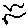
Label: zigzag
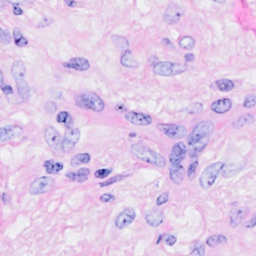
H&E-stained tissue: Breast
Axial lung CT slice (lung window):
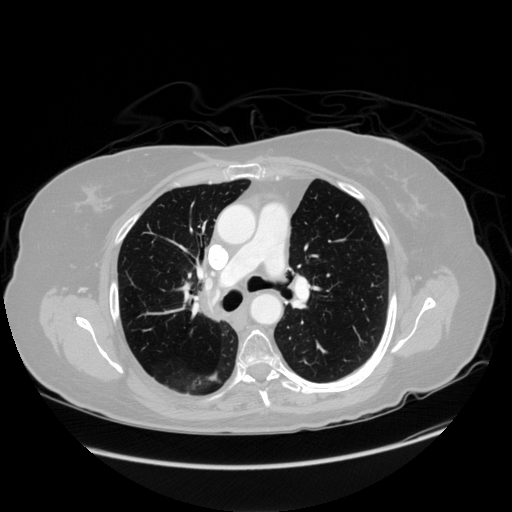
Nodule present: no
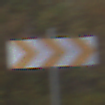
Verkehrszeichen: RichtungstafelnInKurvenGrossLinks
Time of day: SunriseSunset
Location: Outdoor (Nature)
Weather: PartlyCloudy
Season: Autumn
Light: Natural
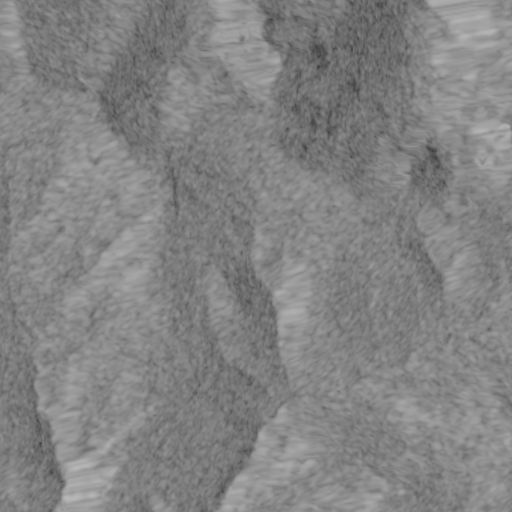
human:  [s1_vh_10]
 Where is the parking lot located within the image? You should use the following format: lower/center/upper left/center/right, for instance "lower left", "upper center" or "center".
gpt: The parking lot is located in the center right of the image.
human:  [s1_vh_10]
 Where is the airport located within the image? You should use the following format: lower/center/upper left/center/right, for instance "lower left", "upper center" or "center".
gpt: There is no airport in the image.

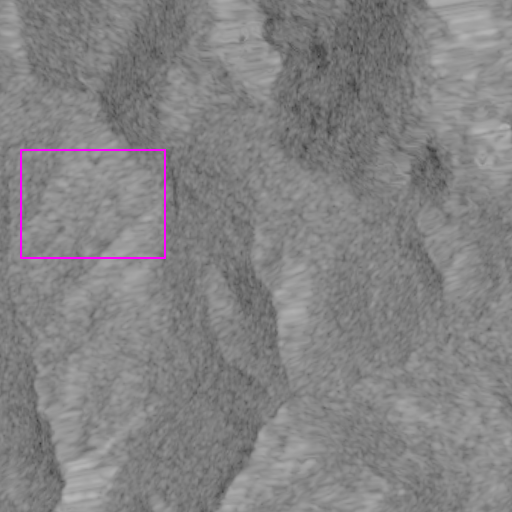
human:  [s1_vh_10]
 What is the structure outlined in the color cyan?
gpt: There is no cyan outline.
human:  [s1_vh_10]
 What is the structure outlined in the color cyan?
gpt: There is no structure outlined in cyan.
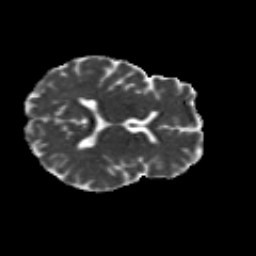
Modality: MD
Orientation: axial
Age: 29
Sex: female
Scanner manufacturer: siemens
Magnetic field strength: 3 T
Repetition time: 8.8 s
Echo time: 0.085 s
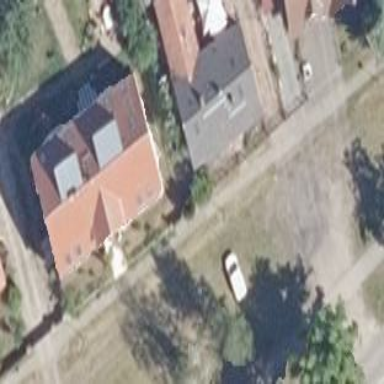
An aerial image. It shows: Detached house with gabled roof. The roof is covered with red roof tiles while the building is painted white.
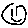
Label: smiley face
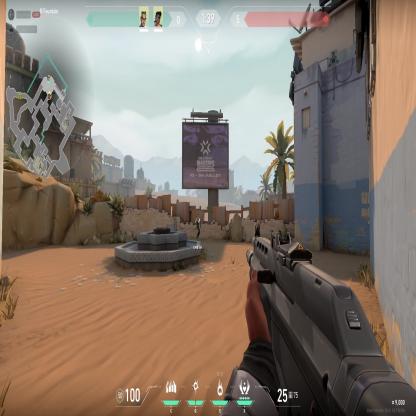
Label: teammate
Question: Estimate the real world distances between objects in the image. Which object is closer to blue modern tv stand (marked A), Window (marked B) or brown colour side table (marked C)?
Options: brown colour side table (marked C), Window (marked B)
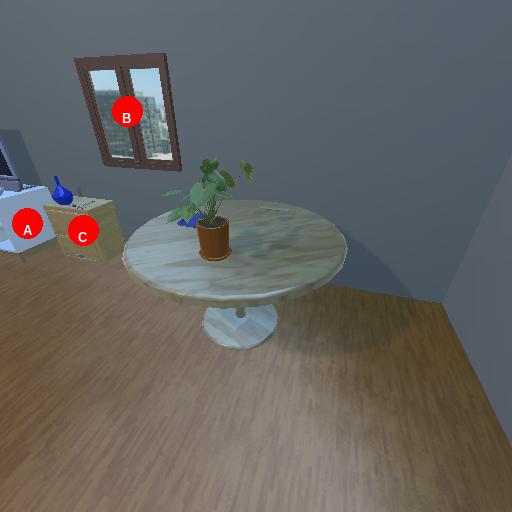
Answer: brown colour side table (marked C)

Task directions |
Find each line of the data above that holds the word "table", then copy it.

Output of the task |
Question: Estimate the real world distances between objects in the image. Which object is closer to blue modern tv stand (marked A), Window (marked B) or brown colour side table (marked C)?
Options: brown colour side table (marked C), Window (marked B)
Answer: brown colour side table (marked C)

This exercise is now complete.